■ **Records shown**
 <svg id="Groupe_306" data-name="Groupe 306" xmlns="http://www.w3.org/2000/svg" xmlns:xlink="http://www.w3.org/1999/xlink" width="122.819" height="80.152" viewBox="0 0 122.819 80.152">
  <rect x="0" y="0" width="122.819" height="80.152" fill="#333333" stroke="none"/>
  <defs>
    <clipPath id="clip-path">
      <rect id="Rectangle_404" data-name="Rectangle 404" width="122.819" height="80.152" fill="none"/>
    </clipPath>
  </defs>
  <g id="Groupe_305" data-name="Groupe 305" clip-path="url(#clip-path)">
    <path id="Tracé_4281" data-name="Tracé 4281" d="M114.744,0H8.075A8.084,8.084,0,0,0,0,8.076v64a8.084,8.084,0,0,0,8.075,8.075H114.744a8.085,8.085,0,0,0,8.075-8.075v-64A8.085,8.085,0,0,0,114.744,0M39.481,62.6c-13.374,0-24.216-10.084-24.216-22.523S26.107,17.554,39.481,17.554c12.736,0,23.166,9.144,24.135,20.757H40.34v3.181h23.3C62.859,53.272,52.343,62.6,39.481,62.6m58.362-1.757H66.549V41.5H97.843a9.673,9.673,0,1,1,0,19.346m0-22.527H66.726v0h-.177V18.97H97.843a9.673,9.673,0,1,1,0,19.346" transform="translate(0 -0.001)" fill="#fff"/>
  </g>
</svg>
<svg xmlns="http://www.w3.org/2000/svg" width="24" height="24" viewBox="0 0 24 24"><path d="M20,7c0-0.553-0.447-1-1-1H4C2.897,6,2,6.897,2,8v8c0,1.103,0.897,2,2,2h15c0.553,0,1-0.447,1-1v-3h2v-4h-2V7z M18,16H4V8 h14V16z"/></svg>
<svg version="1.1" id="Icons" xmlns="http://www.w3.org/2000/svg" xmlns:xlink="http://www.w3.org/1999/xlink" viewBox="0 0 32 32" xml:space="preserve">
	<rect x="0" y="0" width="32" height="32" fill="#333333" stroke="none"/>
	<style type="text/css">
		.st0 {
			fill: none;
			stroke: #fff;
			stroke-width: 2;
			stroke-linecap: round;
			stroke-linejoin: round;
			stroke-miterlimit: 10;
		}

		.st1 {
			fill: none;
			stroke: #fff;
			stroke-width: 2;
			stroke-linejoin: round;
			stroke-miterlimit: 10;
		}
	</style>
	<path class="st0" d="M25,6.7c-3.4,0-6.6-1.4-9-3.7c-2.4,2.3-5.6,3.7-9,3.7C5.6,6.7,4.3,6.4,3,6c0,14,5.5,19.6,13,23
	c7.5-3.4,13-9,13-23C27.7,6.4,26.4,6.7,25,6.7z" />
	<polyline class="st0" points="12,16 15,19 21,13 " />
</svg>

■ **What you should do**
Each line in the records above must be returned exactly as it stands.

■ **Worked solution**
 <svg id="Groupe_306" data-name="Groupe 306" xmlns="http://www.w3.org/2000/svg" xmlns:xlink="http://www.w3.org/1999/xlink" width="122.819" height="80.152" viewBox="0 0 122.819 80.152">
  <rect x="0" y="0" width="122.819" height="80.152" fill="#333333" stroke="none"/>
  <defs>
    <clipPath id="clip-path">
      <rect id="Rectangle_404" data-name="Rectangle 404" width="122.819" height="80.152" fill="none"/>
    </clipPath>
  </defs>
  <g id="Groupe_305" data-name="Groupe 305" clip-path="url(#clip-path)">
    <path id="Tracé_4281" data-name="Tracé 4281" d="M114.744,0H8.075A8.084,8.084,0,0,0,0,8.076v64a8.084,8.084,0,0,0,8.075,8.075H114.744a8.085,8.085,0,0,0,8.075-8.075v-64A8.085,8.085,0,0,0,114.744,0M39.481,62.6c-13.374,0-24.216-10.084-24.216-22.523S26.107,17.554,39.481,17.554c12.736,0,23.166,9.144,24.135,20.757H40.34v3.181h23.3C62.859,53.272,52.343,62.6,39.481,62.6m58.362-1.757H66.549V41.5H97.843a9.673,9.673,0,1,1,0,19.346m0-22.527H66.726v0h-.177V18.97H97.843a9.673,9.673,0,1,1,0,19.346" transform="translate(0 -0.001)" fill="#fff"/>
  </g>
</svg>
<svg xmlns="http://www.w3.org/2000/svg" width="24" height="24" viewBox="0 0 24 24"><path d="M20,7c0-0.553-0.447-1-1-1H4C2.897,6,2,6.897,2,8v8c0,1.103,0.897,2,2,2h15c0.553,0,1-0.447,1-1v-3h2v-4h-2V7z M18,16H4V8 h14V16z"/></svg>
<svg version="1.1" id="Icons" xmlns="http://www.w3.org/2000/svg" xmlns:xlink="http://www.w3.org/1999/xlink" viewBox="0 0 32 32" xml:space="preserve">
	<rect x="0" y="0" width="32" height="32" fill="#333333" stroke="none"/>
	<style type="text/css">
		.st0 {
			fill: none;
			stroke: #fff;
			stroke-width: 2;
			stroke-linecap: round;
			stroke-linejoin: round;
			stroke-miterlimit: 10;
		}

		.st1 {
			fill: none;
			stroke: #fff;
			stroke-width: 2;
			stroke-linejoin: round;
			stroke-miterlimit: 10;
		}
	</style>
	<path class="st0" d="M25,6.7c-3.4,0-6.6-1.4-9-3.7c-2.4,2.3-5.6,3.7-9,3.7C5.6,6.7,4.3,6.4,3,6c0,14,5.5,19.6,13,23
	c7.5-3.4,13-9,13-23C27.7,6.4,26.4,6.7,25,6.7z" />
	<polyline class="st0" points="12,16 15,19 21,13 " />
</svg>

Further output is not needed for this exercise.